Listed entries:
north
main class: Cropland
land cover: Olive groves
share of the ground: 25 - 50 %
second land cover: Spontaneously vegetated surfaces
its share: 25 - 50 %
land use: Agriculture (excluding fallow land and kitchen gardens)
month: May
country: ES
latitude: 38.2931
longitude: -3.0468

Required action:
Repeat each record above precisely as written.

Expected answer:
north
main class: Cropland
land cover: Olive groves
share of the ground: 25 - 50 %
second land cover: Spontaneously vegetated surfaces
its share: 25 - 50 %
land use: Agriculture (excluding fallow land and kitchen gardens)
month: May
country: ES
latitude: 38.2931
longitude: -3.0468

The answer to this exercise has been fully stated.